Once the baby is delivered, the umbilical cord is clamped and cut very close to the placenta and ligated with an absorbable suture material. The placenta is then left inside the uterus, undisturbed. The uterine incision is closed in two layers as usual. Syntocinon is not used after the delivery of the fetus to prevent partial separation of an adherent placenta due to contraction and retraction of the uterine myometrium. Intentionally retained placenta is likely to be reabsorbed or expelled within the next 16–20 weeks. Conservative management was tried as early as 1933 because there has always been a significant demand from women for uterine sparing management options, and the evidence is building that it may in fact be physiologically less traumatic than even a planned hysterectomy.
Meyer et al. described a cohort of 12 cases of morbidly adherent placenta, which were managed by intentional retention of placenta with adjunctive interventional radiology. They used transabdominal ultrasound to identify the upper border of the placenta and the uterus was incised away from the placental site. If bleeding persisted despite inflating uterine artery balloons, the interventional radiology team performed uterine artery embolization after CS. In their series of 12 women, where interventional radiology was used with intentional retention of the placenta, only one patient needed a hysterectomy [20].

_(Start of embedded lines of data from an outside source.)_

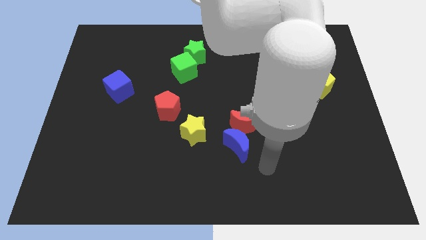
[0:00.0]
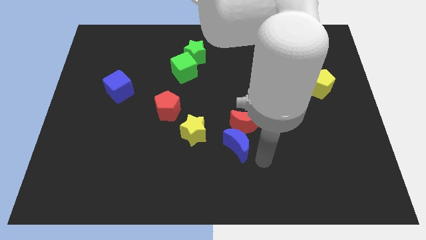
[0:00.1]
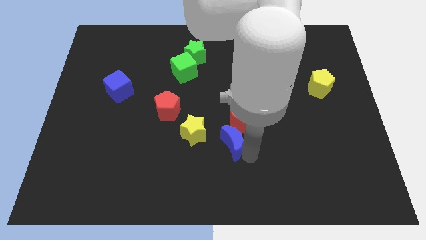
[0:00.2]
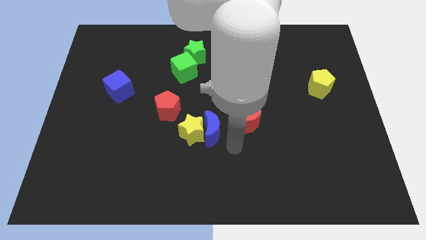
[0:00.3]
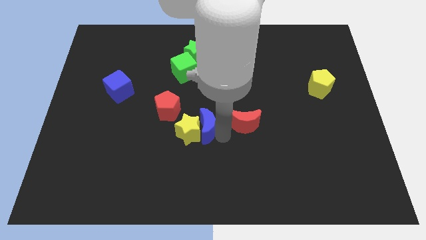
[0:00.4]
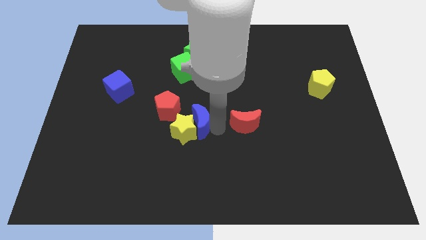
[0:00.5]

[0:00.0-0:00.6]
move the red moon away from the blue moon

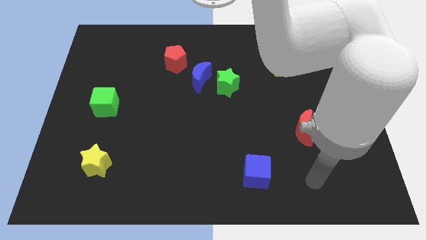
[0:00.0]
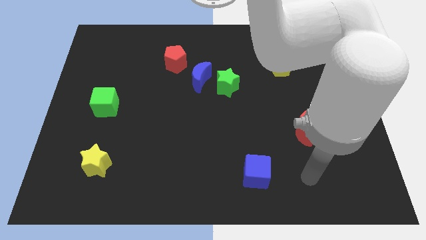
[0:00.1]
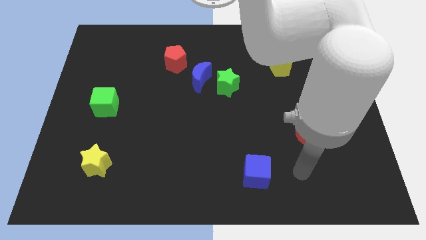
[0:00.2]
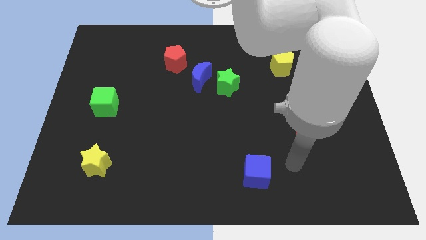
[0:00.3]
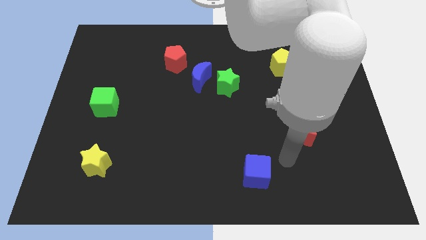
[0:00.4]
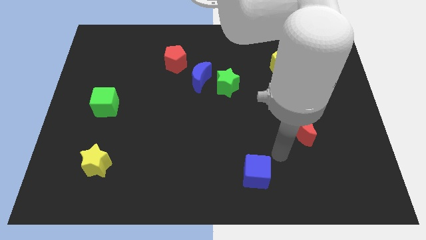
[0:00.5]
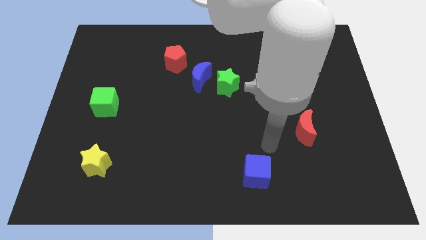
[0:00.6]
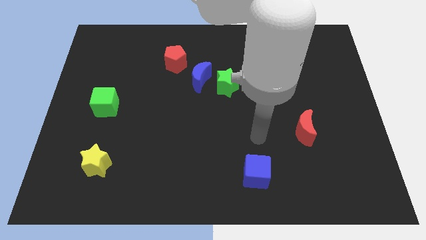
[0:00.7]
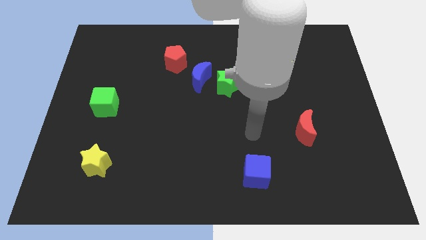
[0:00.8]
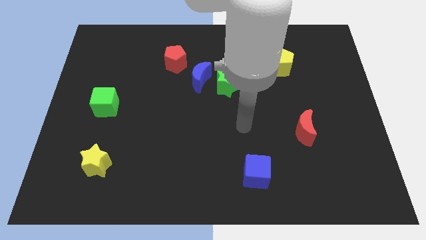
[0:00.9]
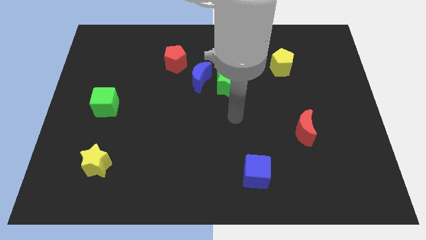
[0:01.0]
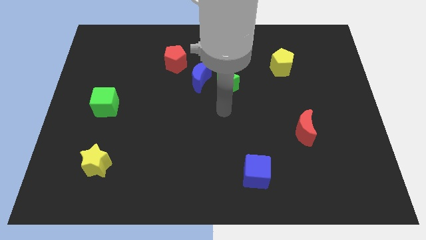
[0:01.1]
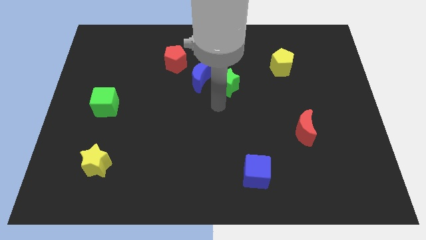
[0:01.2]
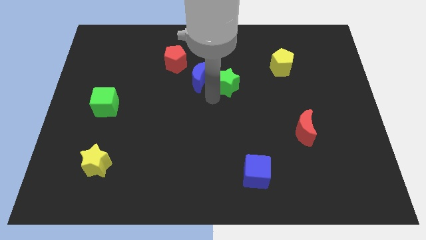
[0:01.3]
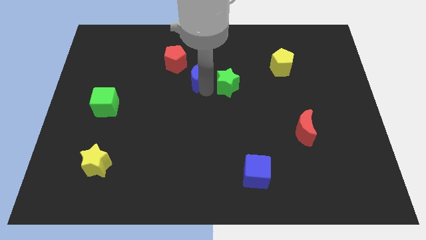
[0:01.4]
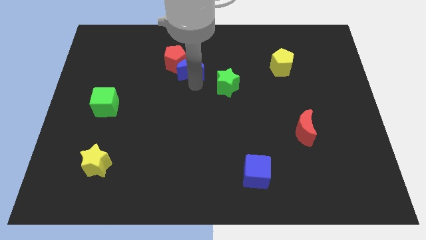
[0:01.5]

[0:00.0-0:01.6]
separate the green star from the blue moon

The main disadvantage of intentional retention of the placenta is the long follow-up required and the fact that as long as placental tissue is left in situ women remain at risk of secondary postpartum haemorrhage or sepsis, and may eventually undergo secondary hysterectomy for that reason. Timmermans et al. reviewed 60 case reports with successful preservation of uterus in all but 12 women, suggesting that the risk of hysterectomy in women with intentional retention of placenta is approximately 20% [21]. Antibiotics are essential and methotrexate is not recommended, as placenta at term does not have significant rapidly dividing cells.

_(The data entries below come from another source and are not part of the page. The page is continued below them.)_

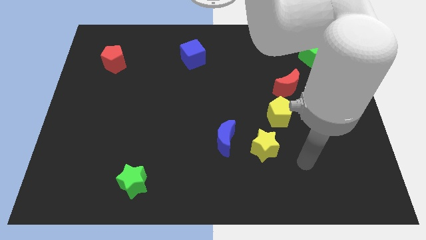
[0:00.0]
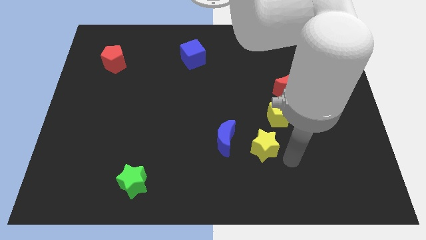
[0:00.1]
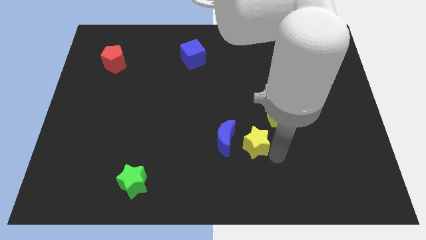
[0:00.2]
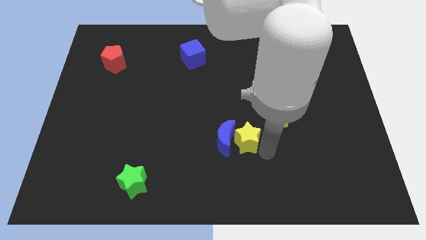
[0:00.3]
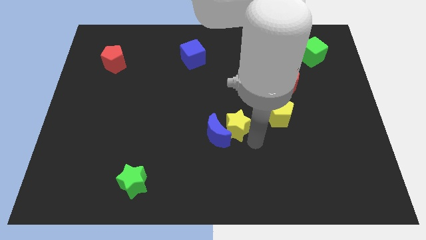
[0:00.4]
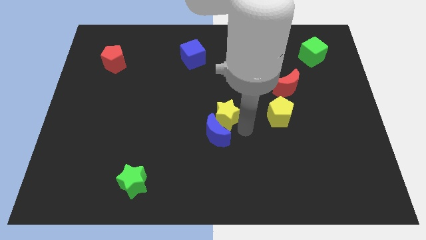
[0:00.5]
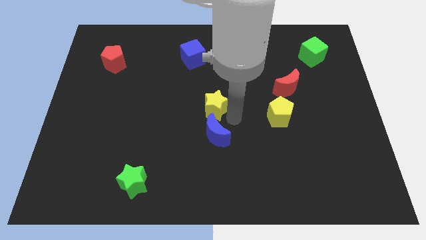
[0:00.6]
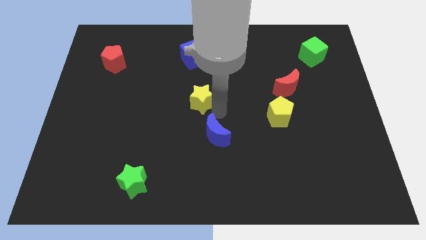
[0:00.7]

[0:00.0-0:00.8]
pull the blue moon apart from the yellow star

Most clinicians recommend prolonged use of antibiotics for up to two weeks after surgery where the placenta remains in situ. Although there is little scientific evidence to support the effectiveness of this practice over the single-dose prophylaxis that is commonly used in other elective or emergency caesarean deliveries; leaving the placenta in situ theoretically increases the risk of infection. Hence, at the Regional Referral Service for Morbidly Adherent Placenta at St George’s Healthcare NHS Trust, London, antibiotics are administered for ten days for all cases of intentional retention of the placenta.
Serial ultrasound scans and βhCG may be used to document resolution of placental tissue but do not predict infection or haemorrhage. Falling levels of βhCG do not guarantee complete placental resolution and therefore measurements should be supplemented by ultrasound imaging. Although there is no scientific evidence to support the beneficial role of ultrasound for the assessment of placental involution, our experience shows that the use of colour Doppler helps to determine vascularity and may assist in assessing the overall clinical picture.
Although as previously stated, it is usual to advise women who have suffered from MAP to approach another pregnancy with caution, there are cases of future pregnancies progressing to term. In these cases, a closer antenatal surveillance as well as a planned CS should be advised.
Triple P Procedure
The Triple P procedure is a form of uterine conserving surgery bringing together a number of steps to minimize blood loss and risk of intrapartum injury to the mother [22]. It is a three-step conservative surgical alternative to peripartum hysterectomy for women with morbidly adherent placentae (Table 16.2) and early results show benefits in morbidity and maternal outcomes.